"Gloria", in Veneto pochi giorni fa è stata uccisa dallo "Stato sociale" che dovrebbe tutelare la salute e garantire le cure a tutti (v. art. 32 Cost.). Anche in Friuli Venezia Giulia, "Anna" farà a breve la stessa fine.
Il Tribunale di Trieste, la Asl del Friuli Venezia Giulia e la Commissione medica multidisciplinare ad hoc, vista la sentenza n. 242/2019 della Corte Costituzionale hanno dato l'ok. Se anche il Comitato Etico Unico Regionale - come è probabile - darà il suo assenso, l'Asl fornirà ad Anna i mezzi per farla finita. Ma il governatore del Friuli, il leghista Massimiliano Fedriga, è come il suo collega veneto, Zaia? Davvero la destra è come la sinistra?
La Consulta ha detto che lo Stato deve dispensare la morte quando si rileva un «proposito di suicidio, autonomamente e liberamente formatosi, di una persona tenuta in vita da trattamenti di sostegno vitale e affetta da una patologia irreversibile, fonte di sofferenze fisiche o psicologiche che ella reputa intollerabili, ma pienamente capace di prendere decisioni libere e consapevoli»: condizioni estrememente vaghe che ricorrrono per qualsiasi malato (anche non terminale, come un diabetico) che debba curarsi costantemente.
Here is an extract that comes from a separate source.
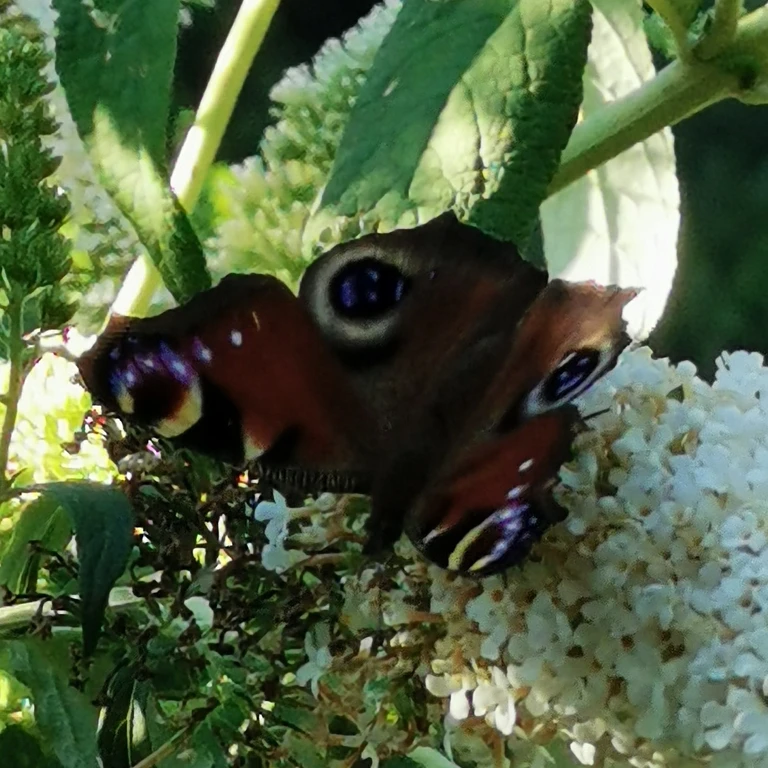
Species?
Aglais io
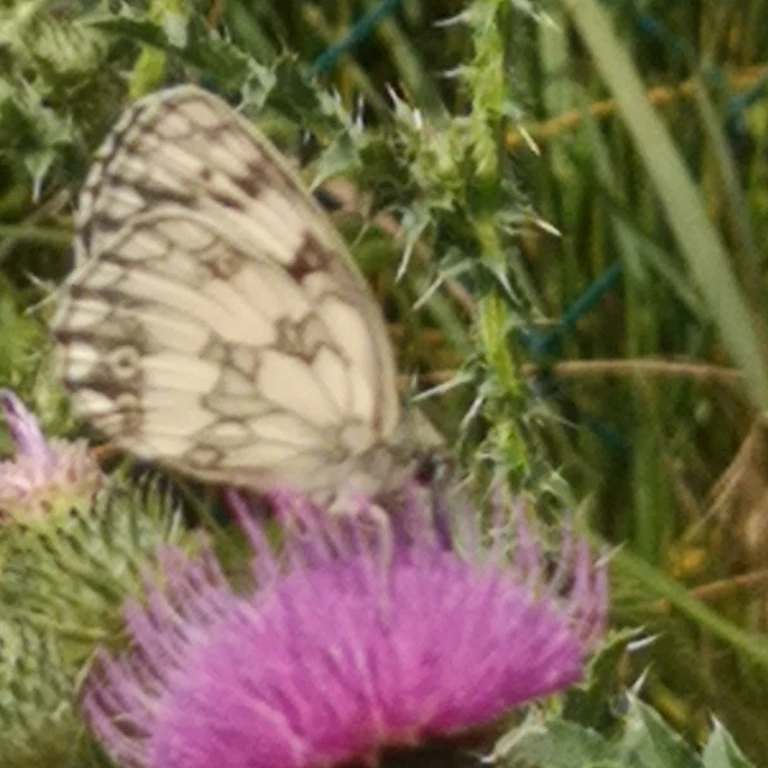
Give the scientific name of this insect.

Anna, infatti, non è una malata terminale: ha bisogno di assistenza. Ma anche l’assistenza alla persona è diventata un “trattamento di sostegno vitale”, secondo il Tribunale. Con questo ragionamento si possono uccidere anche la maggior parte delle persone ricoverate in ospedale, i neonati...: sono tutte persone bisognose di assistenza, o no?
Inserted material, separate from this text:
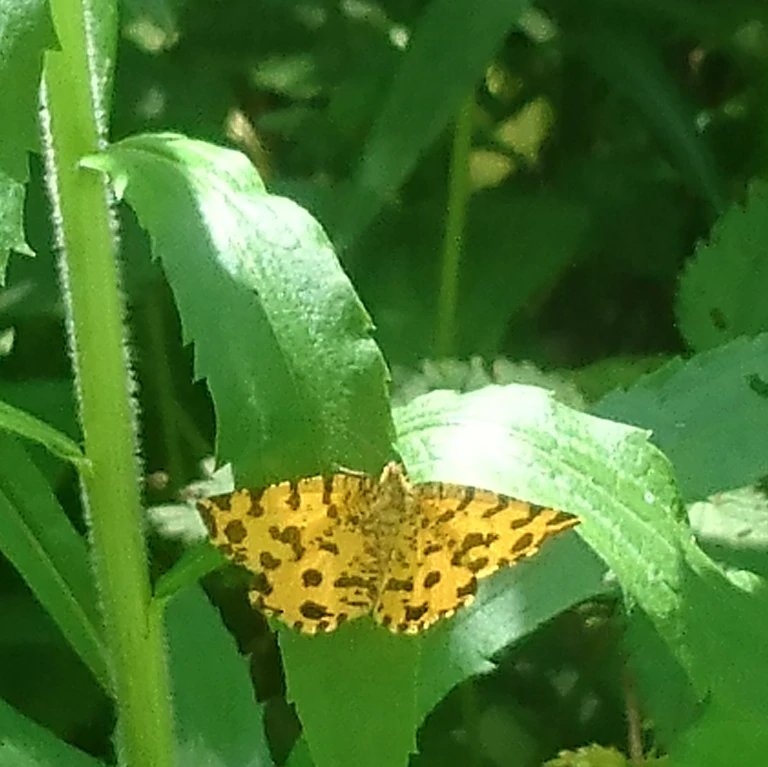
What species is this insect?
Pseudopanthera macularia

Qualcuno tra i Lettori potrà obiettare sul fatto che ho usato il verbo "uccidere" e il termine "eutanasia" anche se per Gloria e Anna tutti parlano di suicidio (assistito).
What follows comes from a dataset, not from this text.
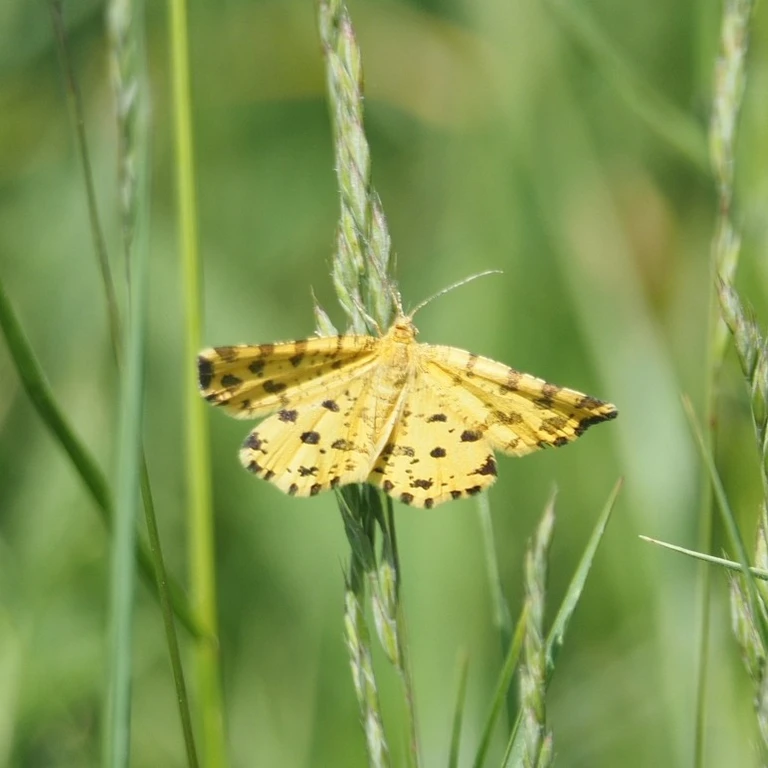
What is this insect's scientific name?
Pseudopanthera macularia

Poniamo il caso di avere un amico che manifesti propositi suicidi: se lo assecondiamo e gli forniamo i mezzi per togliersi la vita non siamo responsabili della sua morte? Non è sommamente ipocrita considerarsi incolpevoli perché il gesto estremo - alla fine - l'ha compiuto lui?
La legge positiva, la norma scritta dall'uomo, può affannarsi a fare distinguo (suicidio assistito, omicidio del consenziente, eutanasia...), a dare definizioni che spaccano un capello in quattro, a togliere responsabilità legali, ma è la sostanza quello che conta.
La sostanza, la dura realtà, è che quando una persona soffre tanto (nel corpo o nello spirito poco cambia) da voler morire, i consociati hanno un dovere inderogabile di solidarietà (v. art. 2 Cost.) che consiste nell'adoperarsi per lenire e condividere il suo dolore, incoraggiarla, invitarla a resistere e a restare in questo mondo, perché anche la sua vita è incommensurabilmente preziosa per la comunità.
Esprimerle solidarietà fornendole i mezzi per uccidersi è da vigliacchi.
A meno che la comunità - come nella Germania nazista - consideri non ogni vita degna di essere vissuta....
Non possiamo credere che Massimiliano Fedriga la pensi in questo modo.